ASIA Young video journalists break language, cultural barriers


CHIANG MAI, Thailand (UCAN) – A group of young video journalists (VJs) from different countries overcame cultural hurdles in chronicling the recently concluded SIGNIS World Congress. “We learned a lot from people from different countries. This has been an incredible experience for the 10 of us,” said Rochelle Kimberly D’Souza from India.

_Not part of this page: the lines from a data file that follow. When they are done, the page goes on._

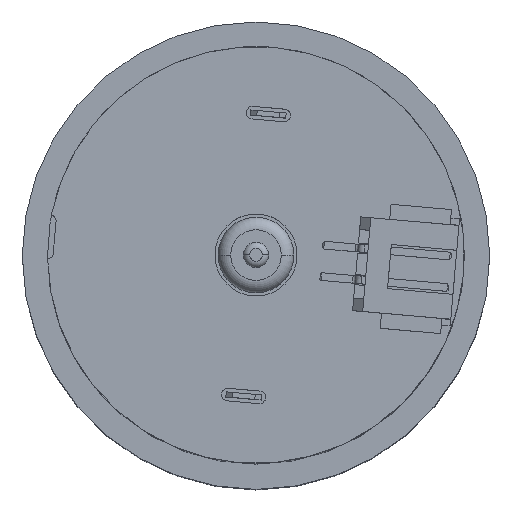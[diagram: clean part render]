
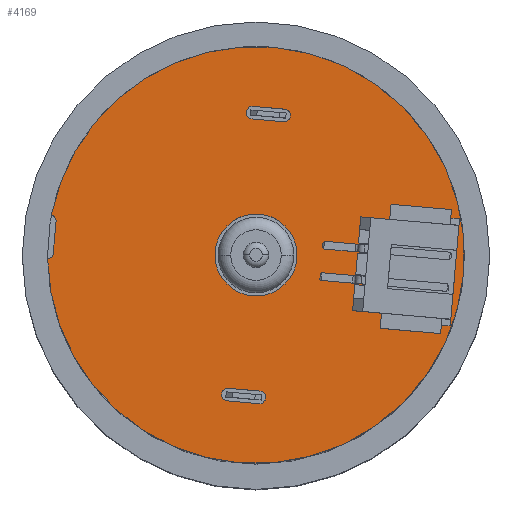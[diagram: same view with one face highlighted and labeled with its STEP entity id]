
A CAD part, top view. The second image highlights one B-rep face of the part: STEP entity #4169.
In plain terms, the highlighted planar face has unit normal (0, 0, 1).
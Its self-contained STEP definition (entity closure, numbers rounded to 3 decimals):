
#1 = CARTESIAN_POINT ( 'NONE',  ( -18.098, -0.566, 132.1 ) ) ;
#29 = CARTESIAN_POINT ( 'NONE',  ( 0.665, 11.285, 132.1 ) ) ;
#36 = FACE_OUTER_BOUND ( 'NONE', #5883, .T. ) ;
#168 = AXIS2_PLACEMENT_3D ( 'NONE', #11896, #5670, #12914 ) ;
#365 = DIRECTION ( 'NONE',  ( 0., 0., 1. ) ) ;
#447 = CARTESIAN_POINT ( 'NONE',  ( 0.577, 10.289, 132.1 ) ) ;
#470 = CARTESIAN_POINT ( 'NONE',  ( -1.826, 11.503, 132.1 ) ) ;
#517 = DIRECTION ( 'NONE',  ( 0., 0., -1. ) ) ;
#566 = DIRECTION ( 'NONE',  ( 0.087, 0.996, 0. ) ) ;
#596 = AXIS2_PLACEMENT_3D ( 'NONE', #10795, #4578, #11850 ) ;
#642 = DIRECTION ( 'NONE',  ( -0.996, 0.087, 0. ) ) ;
#735 = ORIENTED_EDGE ( 'NONE', *, *, #5115, .F. ) ;
#762 = AXIS2_PLACEMENT_3D ( 'NONE', #6712, #517, #7750 ) ;
#826 = DIRECTION ( 'NONE',  ( 0., 0., 1. ) ) ;
#994 = EDGE_CURVE ( 'NONE', #7135, #11158, #4284, .T. ) ;
#1049 = ORIENTED_EDGE ( 'NONE', *, *, #12187, .T. ) ;
#1204 = VERTEX_POINT ( 'NONE', #11710 ) ;
#1222 = CIRCLE ( 'NONE', #10690, 0.5 ) ;
#1227 = CIRCLE ( 'NONE', #5494, 3.25 ) ;
#1250 = ORIENTED_EDGE ( 'NONE', *, *, #5310, .F. ) ;
#1274 = DIRECTION ( 'NONE',  ( 0., 0., 1. ) ) ;
#1387 = DIRECTION ( 'NONE',  ( 0.087, 0.996, 0. ) ) ;
#1408 = VECTOR ( 'NONE', #9761, 1000. ) ;
#1566 = CARTESIAN_POINT ( 'NONE',  ( -1.6, -0.261, 132.1 ) ) ;
#1685 = CARTESIAN_POINT ( 'NONE',  ( -3.778, -10.812, 132.1 ) ) ;
#1717 = ORIENTED_EDGE ( 'NONE', *, *, #8738, .F. ) ;
#1746 = ORIENTED_EDGE ( 'NONE', *, *, #9892, .T. ) ;
#1759 = CARTESIAN_POINT ( 'NONE',  ( -1.375, -12.026, 132.1 ) ) ;
#1805 = CIRCLE ( 'NONE', #762, 0.5 ) ;
#1982 = VERTEX_POINT ( 'NONE', #5291 ) ;
#2123 = VERTEX_POINT ( 'NONE', #8075 ) ;
#2152 = AXIS2_PLACEMENT_3D ( 'NONE', #12942, #6756, #566 ) ;
#2154 = DIRECTION ( 'NONE',  ( 0.996, -0.087, 0. ) ) ;
#2206 = DIRECTION ( 'NONE',  ( 0., 0., 1. ) ) ;
#2416 = VECTOR ( 'NONE', #1387, 1000. ) ;
#2471 = FACE_BOUND ( 'NONE', #4991, .T. ) ;
#2579 = LINE ( 'NONE', #7294, #13233 ) ;
#2601 = DIRECTION ( 'NONE',  ( 0.087, 0.996, 0. ) ) ;
#2636 = ORIENTED_EDGE ( 'NONE', *, *, #10955, .F. ) ;
#2660 = VERTEX_POINT ( 'NONE', #2934 ) ;
#2701 = CIRCLE ( 'NONE', #12426, 3.25 ) ;
#2882 = CARTESIAN_POINT ( 'NONE',  ( -1.884, -3.499, 132.1 ) ) ;
#2934 = CARTESIAN_POINT ( 'NONE',  ( -3.865, -11.808, 132.1 ) ) ;
#3305 = ORIENTED_EDGE ( 'NONE', *, *, #5985, .F. ) ;
#3391 = CARTESIAN_POINT ( 'NONE',  ( -1.913, 10.507, 132.1 ) ) ;
#3538 = CIRCLE ( 'NONE', #596, 0.5 ) ;
#3617 = EDGE_LOOP ( 'NONE', ( #735, #1250, #5351, #2636 ) ) ;
#3721 = CARTESIAN_POINT ( 'NONE',  ( -3.778, -10.812, 132.1 ) ) ;
#3738 = AXIS2_PLACEMENT_3D ( 'NONE', #6077, #13320, #7106 ) ;
#3829 = VERTEX_POINT ( 'NONE', #2882 ) ;
#3958 = ORIENTED_EDGE ( 'NONE', *, *, #994, .T. ) ;
#4062 = EDGE_LOOP ( 'NONE', ( #3305, #11284 ) ) ;
#4138 = LINE ( 'NONE', #470, #1408 ) ;
#4169 = ADVANCED_FACE ( 'NONE', ( #36, #7941, #7631, #2471 ), #6255, .T. ) ;
#4284 = CIRCLE ( 'NONE', #168, 0.5 ) ;
#4565 = CIRCLE ( 'NONE', #2152, 16.5 ) ;
#4578 = DIRECTION ( 'NONE',  ( 0., 0., 1. ) ) ;
#4621 = CARTESIAN_POINT ( 'NONE',  ( -1.826, 11.503, 132.1 ) ) ;
#4779 = CIRCLE ( 'NONE', #10437, 0.5 ) ;
#4947 = CARTESIAN_POINT ( 'NONE',  ( -1.6, -0.261, 132.1 ) ) ;
#4991 = EDGE_LOOP ( 'NONE', ( #8775, #1746, #1049, #3958 ) ) ;
#5115 = EDGE_CURVE ( 'NONE', #9477, #2660, #3538, .T. ) ;
#5148 = AXIS2_PLACEMENT_3D ( 'NONE', #8398, #2206, #9427 ) ;
#5173 = DIRECTION ( 'NONE',  ( 0., 0., 1. ) ) ;
#5291 = CARTESIAN_POINT ( 'NONE',  ( -1.913, 10.507, 132.1 ) ) ;
#5310 = EDGE_CURVE ( 'NONE', #8147, #9477, #5776, .T. ) ;
#5351 = ORIENTED_EDGE ( 'NONE', *, *, #12463, .F. ) ;
#5494 = AXIS2_PLACEMENT_3D ( 'NONE', #4947, #12208, #5972 ) ;
#5619 = CIRCLE ( 'NONE', #9952, 16.5 ) ;
#5670 = DIRECTION ( 'NONE',  ( 0., 0., -1. ) ) ;
#5672 = VECTOR ( 'NONE', #9592, 1000. ) ;
#5776 = LINE ( 'NONE', #1685, #8210 ) ;
#5883 = EDGE_LOOP ( 'NONE', ( #6136, #6375, #8487, #10195, #1717, #6731 ) ) ;
#5972 = DIRECTION ( 'NONE',  ( 0.087, 0.996, 0. ) ) ;
#5985 = EDGE_CURVE ( 'NONE', #3829, #7203, #2701, .T. ) ;
#6077 = CARTESIAN_POINT ( 'NONE',  ( -1.331, -11.528, 132.1 ) ) ;
#6136 = ORIENTED_EDGE ( 'NONE', *, *, #12583, .F. ) ;
#6255 = PLANE ( 'NONE',  #5148 ) ;
#6275 = AXIS2_PLACEMENT_3D ( 'NONE', #7439, #1274, #8501 ) ;
#6375 = ORIENTED_EDGE ( 'NONE', *, *, #9935, .T. ) ;
#6554 = VERTEX_POINT ( 'NONE', #1759 ) ;
#6559 = CARTESIAN_POINT ( 'NONE',  ( -17.929, 2.422, 132.1 ) ) ;
#6712 = CARTESIAN_POINT ( 'NONE',  ( -1.87, 11.005, 132.1 ) ) ;
#6731 = ORIENTED_EDGE ( 'NONE', *, *, #8230, .F. ) ;
#6756 = DIRECTION ( 'NONE',  ( 0., 0., 1. ) ) ;
#7004 = CARTESIAN_POINT ( 'NONE',  ( -1.6, -0.261, 132.1 ) ) ;
#7005 = EDGE_CURVE ( 'NONE', #7203, #3829, #1227, .T. ) ;
#7106 = DIRECTION ( 'NONE',  ( 0.087, 0.996, 0. ) ) ;
#7135 = VERTEX_POINT ( 'NONE', #29 ) ;
#7203 = VERTEX_POINT ( 'NONE', #12482 ) ;
#7294 = CARTESIAN_POINT ( 'NONE',  ( -3.865, -11.808, 132.1 ) ) ;
#7312 = VERTEX_POINT ( 'NONE', #1 ) ;
#7439 = CARTESIAN_POINT ( 'NONE',  ( -1.6, -0.261, 132.1 ) ) ;
#7591 = DIRECTION ( 'NONE',  ( 0.087, 0.996, 0. ) ) ;
#7631 = FACE_BOUND ( 'NONE', #3617, .T. ) ;
#7750 = DIRECTION ( 'NONE',  ( -0.087, -0.996, 0. ) ) ;
#7941 = FACE_BOUND ( 'NONE', #4062, .T. ) ;
#8061 = DIRECTION ( 'NONE',  ( 0.087, 0.996, 0. ) ) ;
#8075 = CARTESIAN_POINT ( 'NONE',  ( -0.162, 16.176, 132.1 ) ) ;
#8078 = CARTESIAN_POINT ( 'NONE',  ( -17.648, -0.112, 132.1 ) ) ;
#8147 = VERTEX_POINT ( 'NONE', #9555 ) ;
#8210 = VECTOR ( 'NONE', #642, 1000. ) ;
#8230 = EDGE_CURVE ( 'NONE', #8962, #1204, #10305, .T. ) ;
#8398 = CARTESIAN_POINT ( 'NONE',  ( -1.6, -0.261, 132.1 ) ) ;
#8425 = LINE ( 'NONE', #3391, #5672 ) ;
#8487 = ORIENTED_EDGE ( 'NONE', *, *, #9196, .T. ) ;
#8496 = CIRCLE ( 'NONE', #6275, 16.5 ) ;
#8501 = DIRECTION ( 'NONE',  ( 0.087, 0.996, 0. ) ) ;
#8517 = CARTESIAN_POINT ( 'NONE',  ( -3.038, -16.699, 132.1 ) ) ;
#8738 = EDGE_CURVE ( 'NONE', #1204, #10214, #4779, .T. ) ;
#8766 = DIRECTION ( 'NONE',  ( 0., 0., 1. ) ) ;
#8775 = ORIENTED_EDGE ( 'NONE', *, *, #10440, .T. ) ;
#8962 = VERTEX_POINT ( 'NONE', #8078 ) ;
#9196 = EDGE_CURVE ( 'NONE', #10455, #2123, #8496, .T. ) ;
#9427 = DIRECTION ( 'NONE',  ( 0.087, 0.996, 0. ) ) ;
#9477 = VERTEX_POINT ( 'NONE', #3721 ) ;
#9555 = CARTESIAN_POINT ( 'NONE',  ( -1.288, -11.03, 132.1 ) ) ;
#9592 = DIRECTION ( 'NONE',  ( -0.996, 0.087, 0. ) ) ;
#9692 = CARTESIAN_POINT ( 'NONE',  ( -17.648, -0.112, 132.1 ) ) ;
#9761 = DIRECTION ( 'NONE',  ( 0.996, -0.087, 0. ) ) ;
#9892 = EDGE_CURVE ( 'NONE', #1982, #11751, #1805, .T. ) ;
#9935 = EDGE_CURVE ( 'NONE', #7312, #10455, #4565, .T. ) ;
#9952 = AXIS2_PLACEMENT_3D ( 'NONE', #7004, #826, #8061 ) ;
#10195 = ORIENTED_EDGE ( 'NONE', *, *, #11418, .T. ) ;
#10214 = VERTEX_POINT ( 'NONE', #10343 ) ;
#10305 = LINE ( 'NONE', #9692, #2416 ) ;
#10343 = CARTESIAN_POINT ( 'NONE',  ( -17.794, 2.904, 132.1 ) ) ;
#10437 = AXIS2_PLACEMENT_3D ( 'NONE', #6559, #365, #7591 ) ;
#10440 = EDGE_CURVE ( 'NONE', #11158, #1982, #8425, .T. ) ;
#10455 = VERTEX_POINT ( 'NONE', #8517 ) ;
#10690 = AXIS2_PLACEMENT_3D ( 'NONE', #11397, #5173, #12450 ) ;
#10795 = CARTESIAN_POINT ( 'NONE',  ( -3.822, -11.31, 132.1 ) ) ;
#10955 = EDGE_CURVE ( 'NONE', #2660, #6554, #2579, .T. ) ;
#11158 = VERTEX_POINT ( 'NONE', #447 ) ;
#11284 = ORIENTED_EDGE ( 'NONE', *, *, #7005, .F. ) ;
#11397 = CARTESIAN_POINT ( 'NONE',  ( -18.147, -0.068, 132.1 ) ) ;
#11418 = EDGE_CURVE ( 'NONE', #2123, #10214, #5619, .T. ) ;
#11710 = CARTESIAN_POINT ( 'NONE',  ( -17.431, 2.378, 132.1 ) ) ;
#11751 = VERTEX_POINT ( 'NONE', #4621 ) ;
#11850 = DIRECTION ( 'NONE',  ( 0.087, 0.996, 0. ) ) ;
#11896 = CARTESIAN_POINT ( 'NONE',  ( 0.621, 10.787, 132.1 ) ) ;
#12187 = EDGE_CURVE ( 'NONE', #11751, #7135, #4138, .T. ) ;
#12208 = DIRECTION ( 'NONE',  ( 0., 0., 1. ) ) ;
#12426 = AXIS2_PLACEMENT_3D ( 'NONE', #1566, #8766, #2601 ) ;
#12450 = DIRECTION ( 'NONE',  ( 0.087, 0.996, 0. ) ) ;
#12463 = EDGE_CURVE ( 'NONE', #6554, #8147, #13171, .T. ) ;
#12482 = CARTESIAN_POINT ( 'NONE',  ( -1.317, 2.976, 132.1 ) ) ;
#12583 = EDGE_CURVE ( 'NONE', #7312, #8962, #1222, .T. ) ;
#12914 = DIRECTION ( 'NONE',  ( -0.087, -0.996, 0. ) ) ;
#12942 = CARTESIAN_POINT ( 'NONE',  ( -1.6, -0.261, 132.1 ) ) ;
#13171 = CIRCLE ( 'NONE', #3738, 0.5 ) ;
#13233 = VECTOR ( 'NONE', #2154, 1000. ) ;
#13320 = DIRECTION ( 'NONE',  ( 0., 0., 1. ) ) ;

The 10 aged between 18 and 22 from India, Cambodia, Malaysia, Vietnam, the Philippines and Thailand took part in SIGNIS’ first International Youth Exchange Program held during the Oct. 17-21 congress. SIGNIS is the worldwide Catholic association for professionals and academics in audiovisuals, broadcasting and new media. Its gathering in Chiang Mai, Thailand, focused on the theme, “Media for a Culture of Peace — Children’s Rights, Tomorrow’s Promise.” D’Souza recalled the challenge her group experienced in covering the congress’ proceedings. “We were running around the convention centre and had little sleep at night as we were editing videos,” she said. “It was surely tiring … but being with friends from different countries, different cultures and different thinking gave us a broader outlook on life.” “It wasn’t easy, at times it was very frustrating, but I think the main thing is that it has been most educational.”

The results of their work can be viewed at SIGNIS Veejay’s Blog. The young VJs also presented a one-minute video production they had made in their own countries on the congress theme. Vi Cao from Vietnam shared that working with a diverse team during the congress has helped her “make clear and precise decisions because when everyone wants to take the scenes they like, it makes editing very difficult.” Melissa Grace from Malaysia said she has gained more experience in approaching people and interviewing them. Pakawat Kraisomsuk from Thailand had a slightly different experience. Being an experienced VJ, he did not have any problems with video shooting, editing or any part of the production process. What he found most challenging, he said, was overcoming language barriers in communicating with his team members from different countries. During the congress, he and two other Thai video journalists received a SIGNIS Asia Media Award for their joint one-minute video on the congress theme. The 10 VJs said they will continue to share their experiences through their blog. They also plan to visit each other and continue to produce short videos on children’s rights in their home countries.